= Reincarnated soul boy =

Administration of reincarnation in Tibetan buddhism

Reincarnated soul boy (转世灵童) is the Chinese title used in the reincarnation process of living Buddhas in Tibetan Buddhism, it is a title for reincarnated practitioners before they formally become living Buddhas.

The reincarnated soul boy is identified by traditional methods. Generally speaking, there can be one or more candidates. After a sitting-in-the-bed ceremony is held, he will become a living Buddha.

In 1793, 29-Article Ordinance for the More Effective Governing of Tibet (钦定藏内善后章程二十九条) was published, it states that to eliminate cheating and corruption in the selection process, the Golden Urn must be used for reincarnated soul boys so one soul boy can be picked to become the living Buddha.

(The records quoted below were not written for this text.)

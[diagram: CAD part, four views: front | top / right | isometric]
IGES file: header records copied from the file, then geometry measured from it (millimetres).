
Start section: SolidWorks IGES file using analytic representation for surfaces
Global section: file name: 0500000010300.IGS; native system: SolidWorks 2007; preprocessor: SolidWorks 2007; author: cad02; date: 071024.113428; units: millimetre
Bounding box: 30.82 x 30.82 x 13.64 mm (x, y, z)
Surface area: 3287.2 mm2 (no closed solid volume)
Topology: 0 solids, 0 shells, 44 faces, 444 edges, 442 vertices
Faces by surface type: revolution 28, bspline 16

In 2007, the State Religious Affairs Bureau Order No. 5 (国家宗教事务局令第5号) was published by the Central Government. Article 7 states that no group or individual may carry out activities related to searching for and identifying the reincarnated soul boy of the Living Buddha without authorization. Article 8 states that lot-drawing ceremony with Golden Urn is applicable to those rinpoches, or lamas who were reincarnated previously in history.
Request of exemption is handled by State Administration for Religious Affairs, for those with great impact, request of exemption is handled by State Council.